= Duncan Mackintosh, 11th of Mackintosh =

Scottish clan chief (died 1496)

Duncan Mackintosh, 11th of Mackintosh (died 1496) was chief of the Clan Mackintosh, a Scottish clan of the Scottish Highlands. He was also chief of the confederation of clans that was known as the Clan Chattan.

==Early life==

Duncan Mackintosh, 11th of Mackintosh was the eldest son of Malcolm Beg Mackintosh, 10th of Mackintosh and his wife, Mora, daughter of MacDonald, 1st of Moydart. During his father's chiefship, Duncan led an expedition against their rivals the Clan Cameron which had resulted in the Battle of Craig Cailloch in 1441. Also before he became chief, he had fought a successful battle at Culloden against Gillespie MacDonald, brother of John of Islay, Earl of Ross who had stolen cattle from the Mackintosh lands of Petty.

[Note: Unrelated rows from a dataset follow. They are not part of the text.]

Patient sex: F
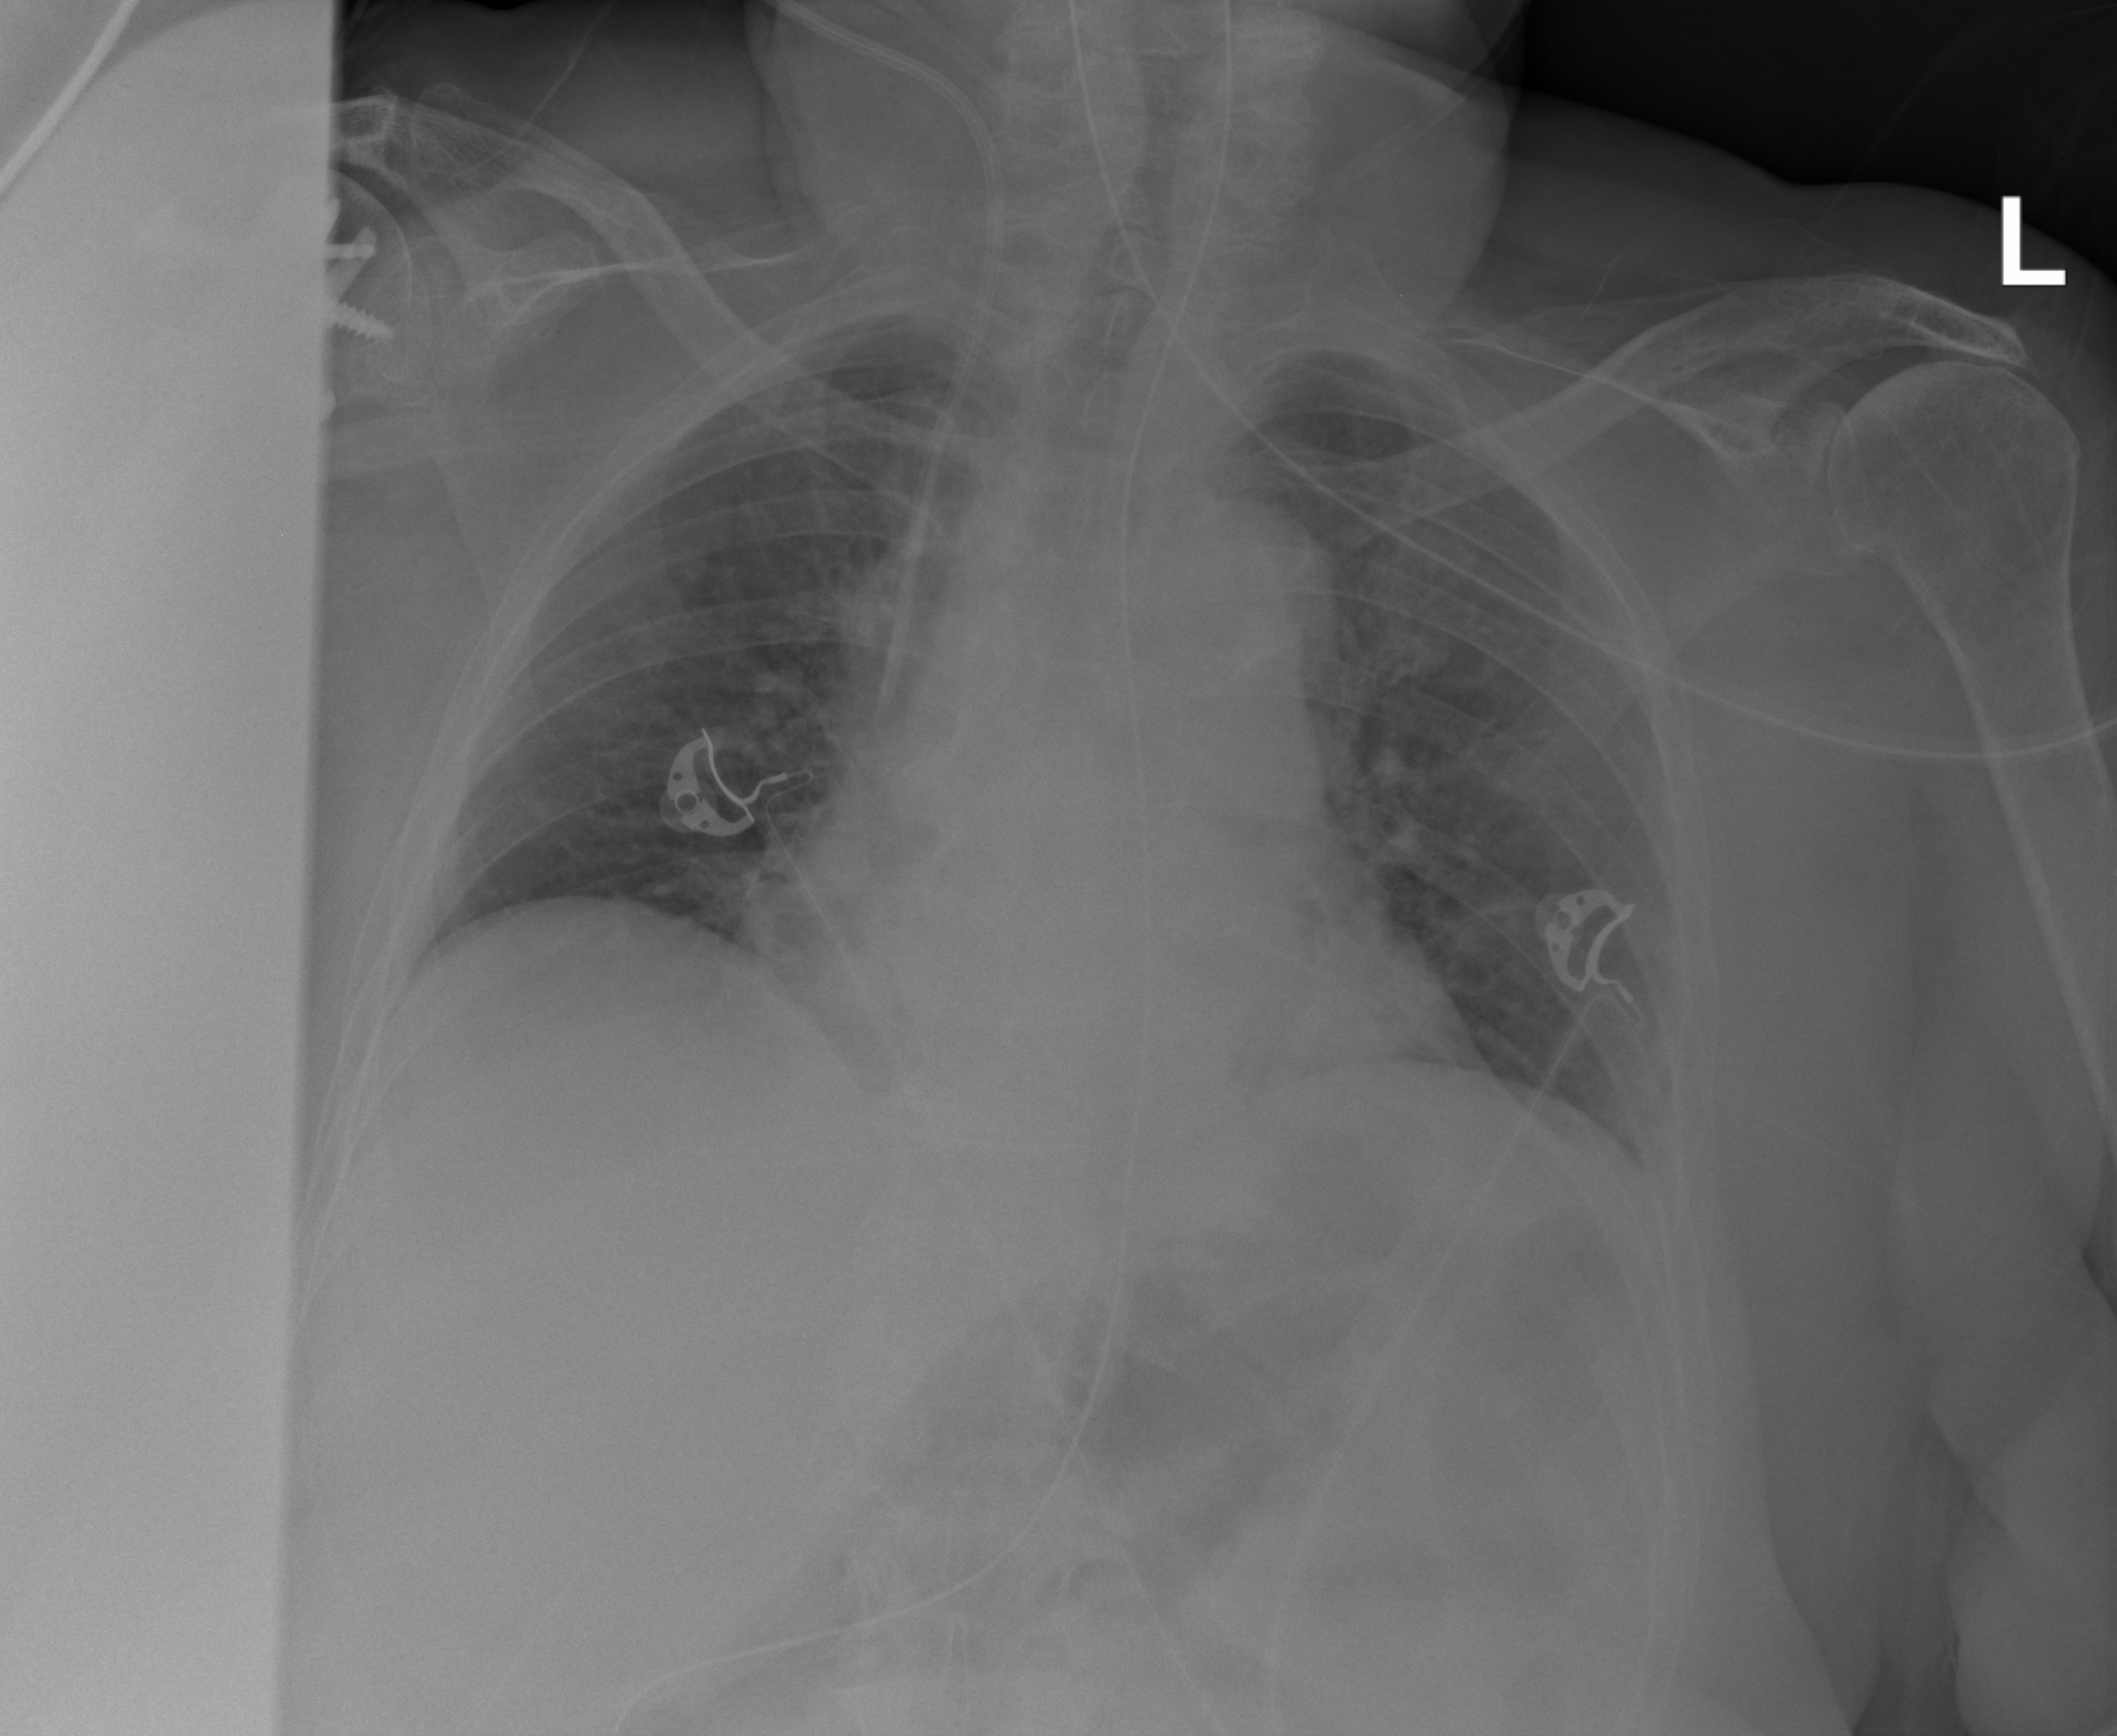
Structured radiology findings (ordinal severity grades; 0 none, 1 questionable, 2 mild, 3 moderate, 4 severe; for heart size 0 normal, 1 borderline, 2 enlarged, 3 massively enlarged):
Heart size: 2
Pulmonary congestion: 2
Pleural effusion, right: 0
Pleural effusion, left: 2
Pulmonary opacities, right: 0
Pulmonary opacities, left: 0
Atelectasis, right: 0
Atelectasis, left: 2
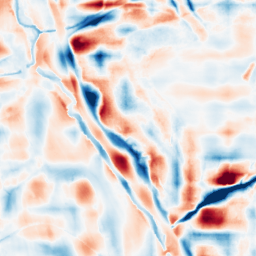
Category: wavelet
Decomposition family: wavelet_reverse_biorthogonal
Decomposition parameters: wavelet: rbio5.5
level: 5
Upsampling method: bilinear
Upsampling parameters: scale: 2
Upsampling scale: 2
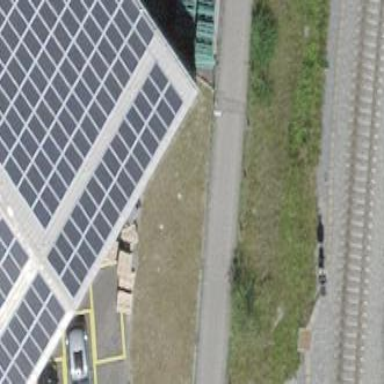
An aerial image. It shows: Solar power generator utilizing photovoltaic technology with solar photovoltaic panels.
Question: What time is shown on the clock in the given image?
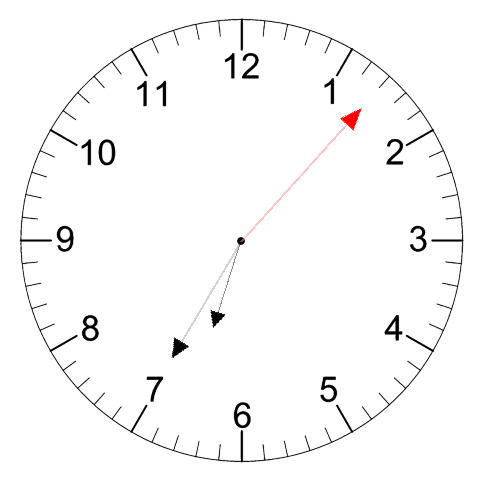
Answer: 06:35:07

==Chief of Clan Mackintosh and Clan Chattan==

During his time as chief of the clan he had been relatively quiet and had been in favour with both the king and the Lord of the Isles. Upon the first forfeiture of the Lordship of the Isles and its annexation of the Earldom of Ross to the Crown, James IV of Scotland granted a charter to Duncan dated 4 July 1476. It read: "dilecto nostro Duncano Mackintosh, Capitano de Clan Chattan, terrarum de Moymore, Fern, Clumglassen, Stroneroy, Auchenroy" and others in Lochaber.

In 1466, Duncan had obtained a charter from John, then Lord of the Isles and Earl of Ross, for the lands of Keppoch and all of the Brae of Lochaber, and in 1493 this was confirmed by charter from the king. This was on the final forfeiture of the Lordship of the Isles when Duncan and other chiefs met the king and formally submitted to him.

Duncan also seems to have been on excellent terms with his neighbours, including an indenture of friendship in 1467 with William, Lord Forbes and Rose of Kilravock. When a dispute arose with Hucheon Rose of Kilravock in 1479, instead of taking to arms, the matter was resolved peacefully through arbitration, with Kilravock judged to be in the right. Two years later another band of was executed between Duncan Mackintosh and Kilravock in which all debates would be referred to George Gordon, 2nd Earl of Huntly. In 1490, another band was entered into where the potential daughter of Duncan's son Ferquhard would be married to Kilravock's son. However, the friendship between Duncan and the Clan Rose does not seem to have been shared by some of his family: On 15 May 1482, at Inverness, an agreement was made between Duncan's brother, Lachlan "Badenoch" Mackintosh, Hucheon Rose's wife and "Donald M'Intoshe Angusson" to the effect that Hucheon Rose, baron of Kilravock, had no right or title to Kilravock Castle. Donald accordingly attacked Kilravock Castle, killing the constable and watchman, and doing some considerable damage. It is recorded in the Genealogical Deduction of the Family of Kilravock which was written 1683–4, that the Mackintoshes were ejected and that a royal summons was made against Donald.

Also, although Duncan as chief was at peace with his neighbours, his son and heir, Ferquhard, was not. Ferquhard took part in Alexander MacDonald of Lochalsh's insurrection of 1491, the Raid on Ross. Ferquhard also subsequently took Inverness Castle using a "sow". The king later imprisoned Ferquhard, along with Kenneth Mackenzie, 8th of Kintail, in Edinburgh Castle. Two years later they escaped, but Mackenzie was killed by the Laird of Buchanan and Ferquard was recaptured and imprisoned in Dunbar Castle where he remained for sixteen years until being released after the Battle of Flodden in 1513.

Chief Duncan Mackintosh having not taken part in Lochalsh's insurrection remained on good terms with the king. However, the Mackintosh's own 17th century Kinrara manuscript states that he had repaired Inverness Castle after his son Duncan had captured it in 1491, remaining in it until Alexander, Lord Gordon was given governorship of it by the king in 1495 and made Sheriff of Inverness.

Duncan Mackintosh, 11th of Mackintosh died in 1496, the year following his son's imprisonment, at the age of eighty-four. He was buried at Greyfriars Church, Inverness.

==Family==

Duncan Mackintosh, 11th of Mackintosh had married Flora or Florence, natural daughter of Alexander of Islay, Earl of Ross. Their only surviving child was their son, Ferquhard Mackintosh, 12th of Mackintosh. They had several other children but they all predeceased Duncan.